From the entries that follow, list every line in which the string "cover" appears.

_Listed records:_

——

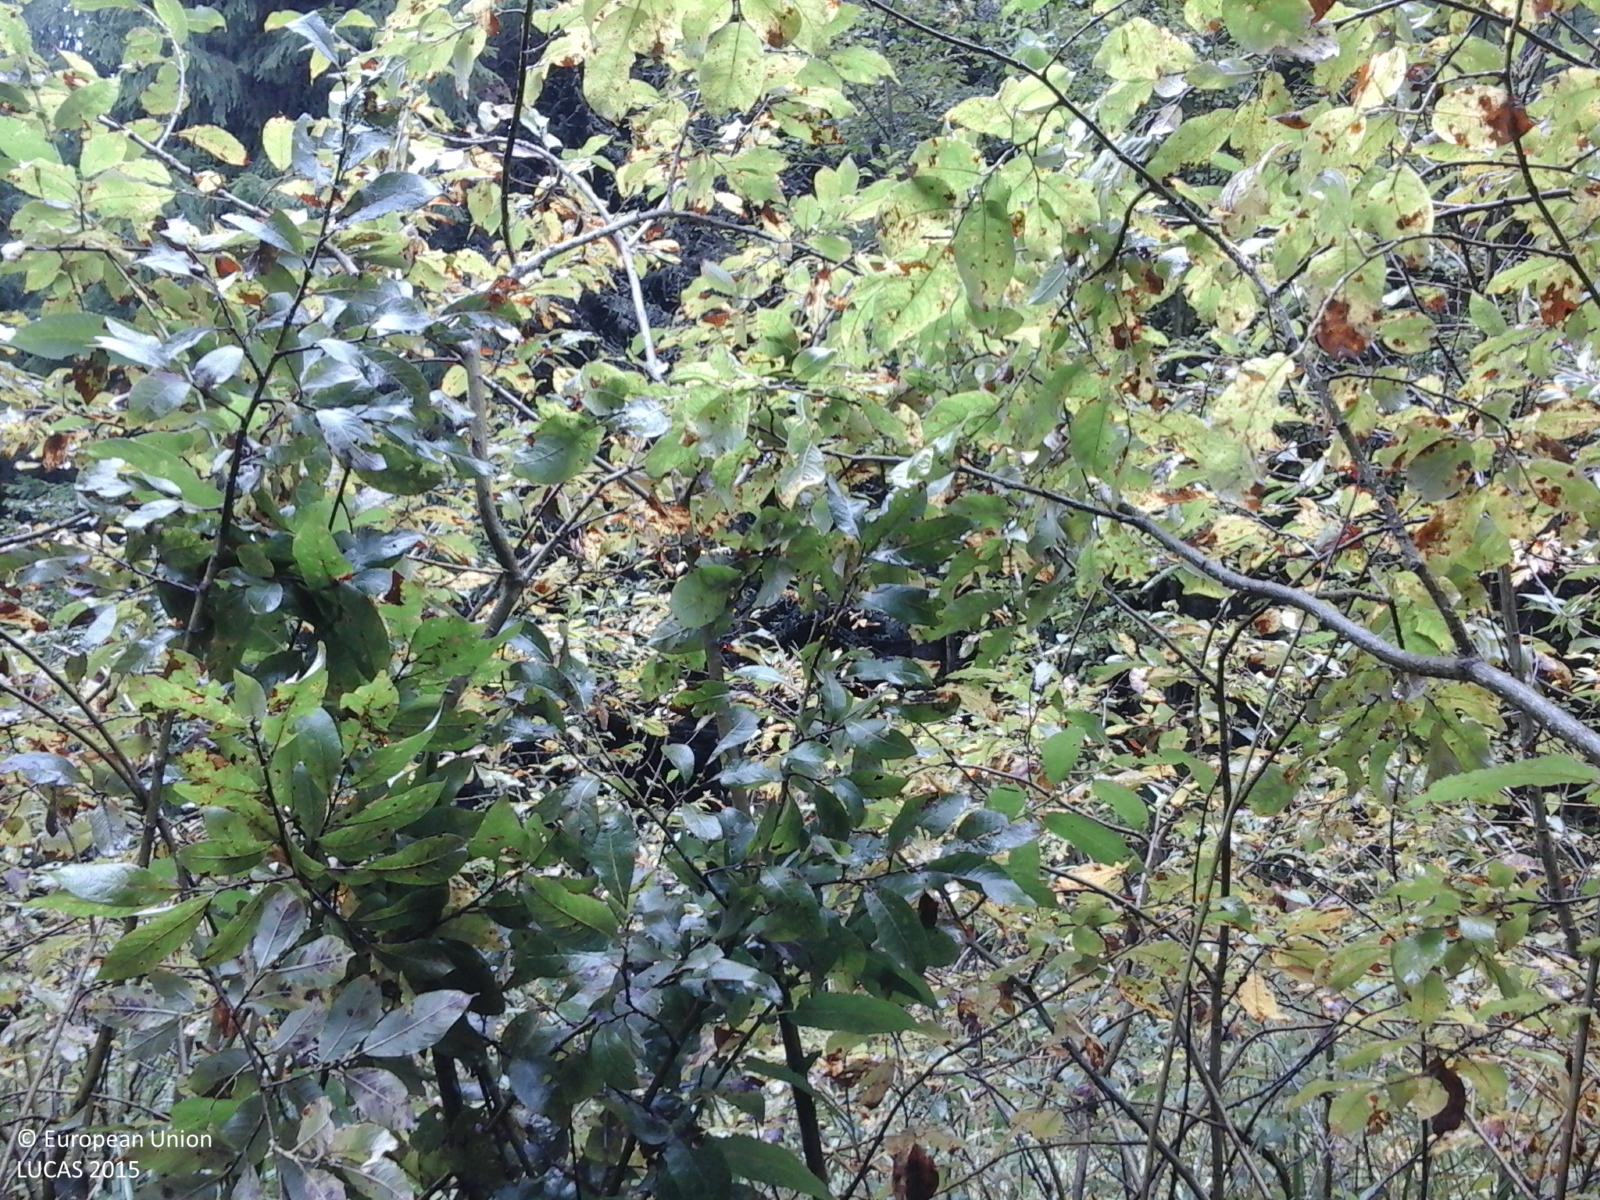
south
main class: Woodland
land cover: Spruce dominated coniferous woodland
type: alpine coniferous forest
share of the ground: > 75 %
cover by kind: coniferous forest trees 90 %, shrubs 5 %, herbaceous plants 5 %
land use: Forestry
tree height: > 5 m
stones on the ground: 10 - 25 %
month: September
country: RO
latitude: 45.5858
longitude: 23.6112
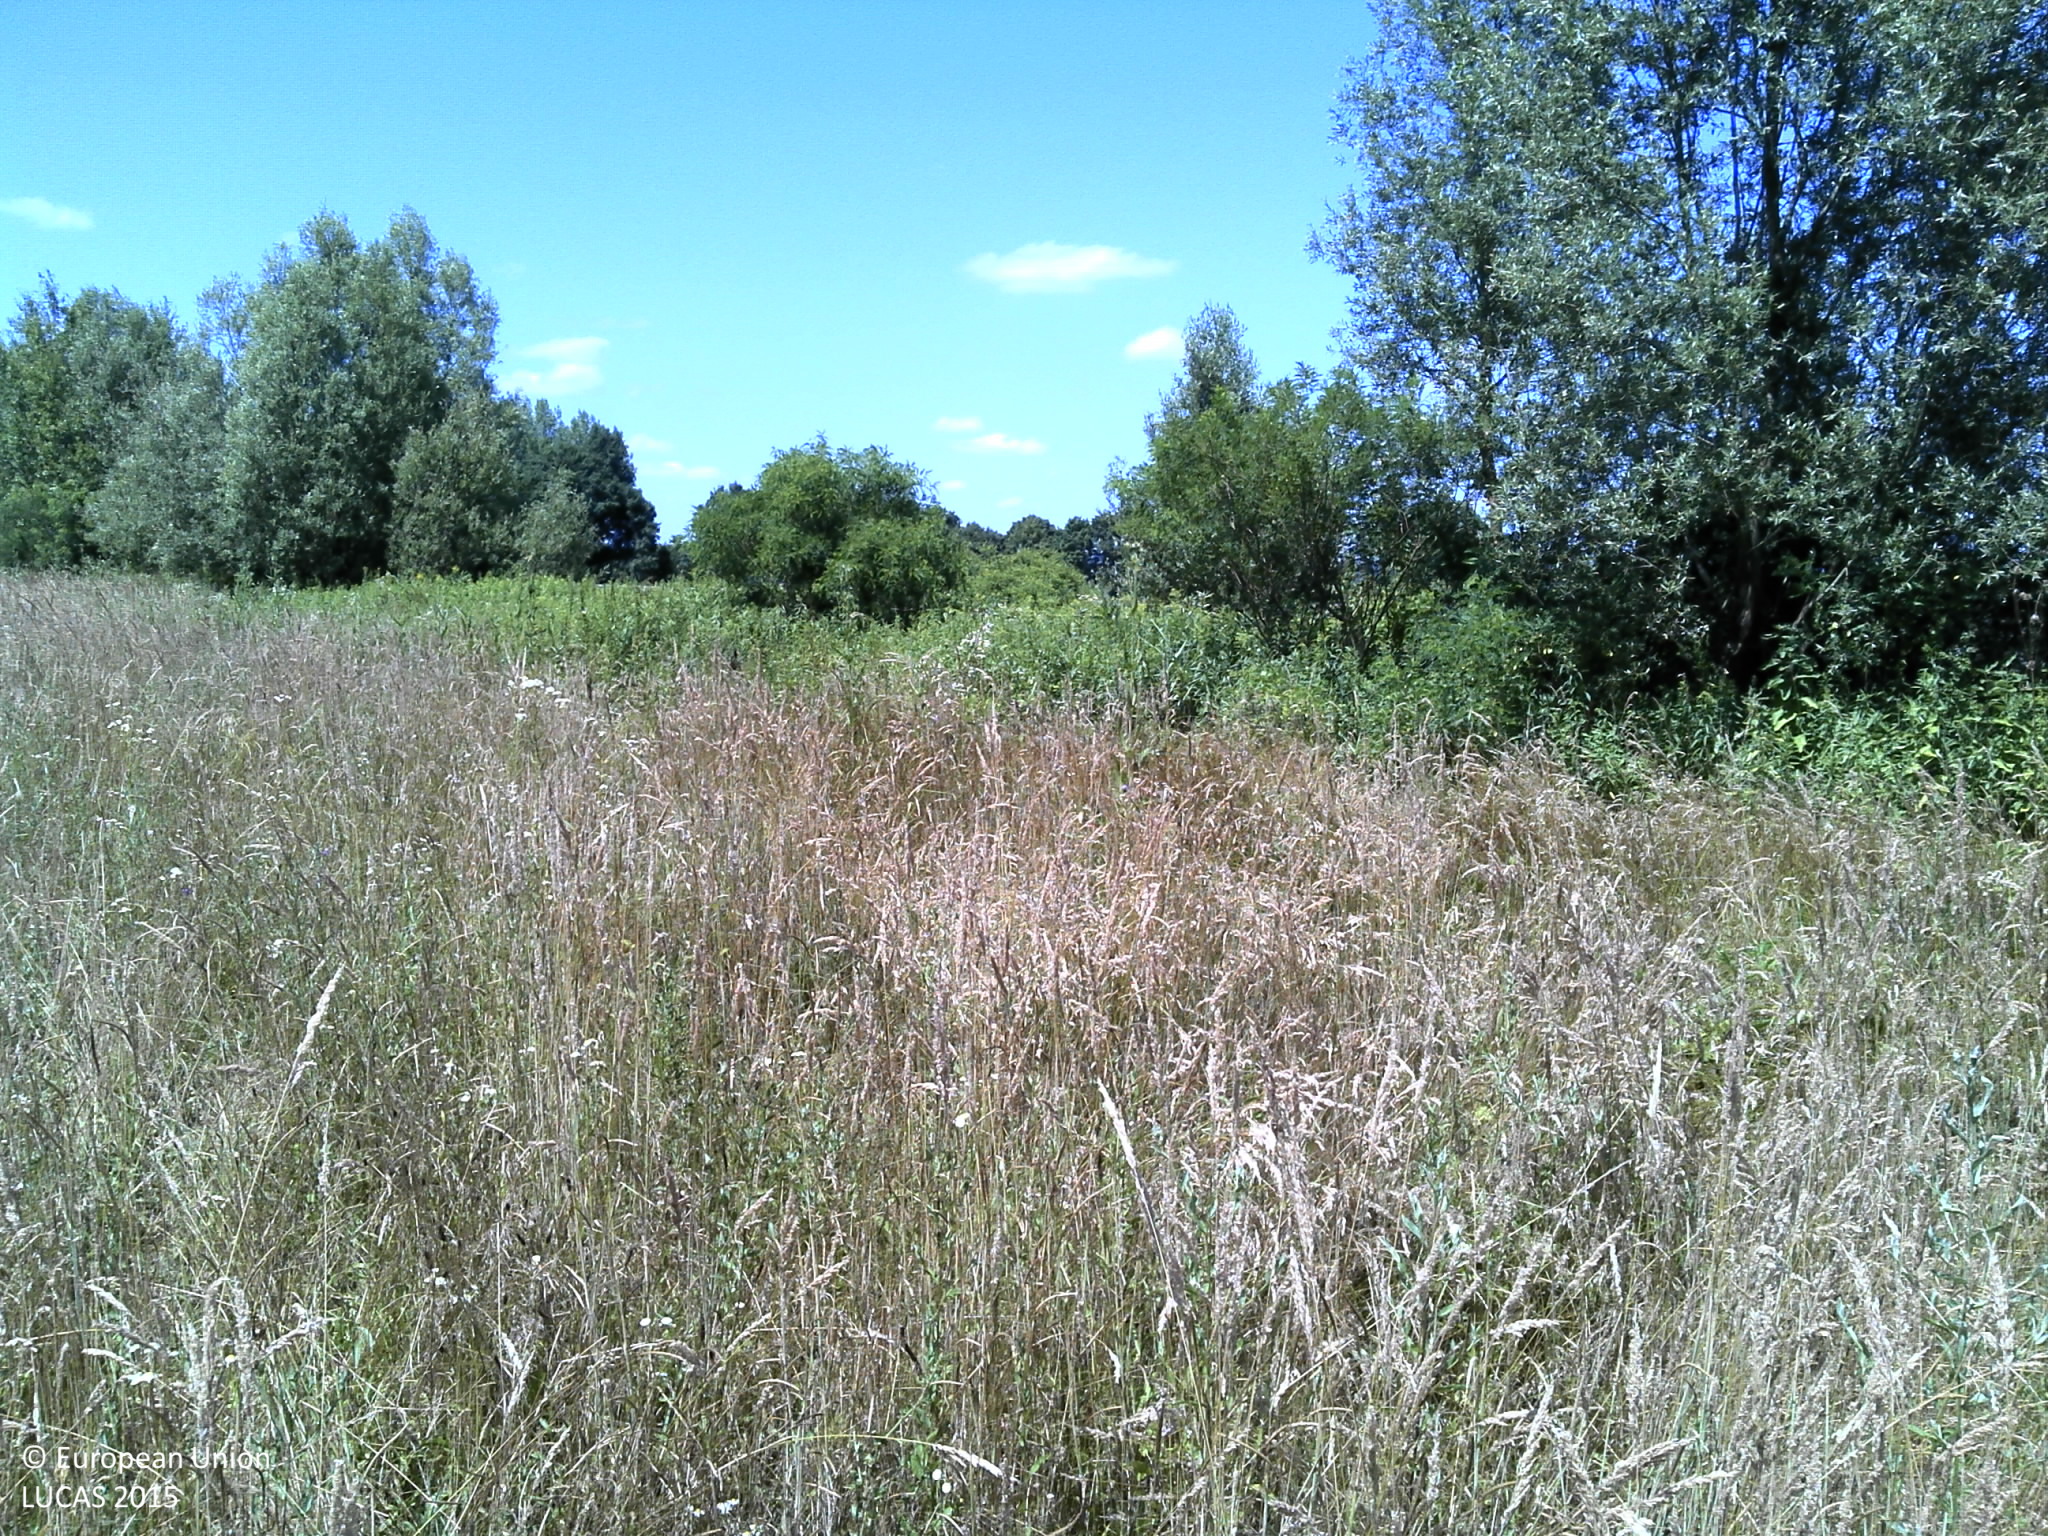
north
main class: Grassland
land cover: Grassland without tree/shrub cover
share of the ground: > 75 %
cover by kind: herbaceous plants 100 %
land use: Semi-natural and natural areas not in use
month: July
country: HR
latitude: 45.4273
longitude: 16.8368

——

_Solution to this task:_
land cover: Spruce dominated coniferous woodland
cover by kind: coniferous forest trees 90 %, shrubs 5 %, herbaceous plants 5 %
land cover: Grassland without tree/shrub cover
cover by kind: herbaceous plants 100 %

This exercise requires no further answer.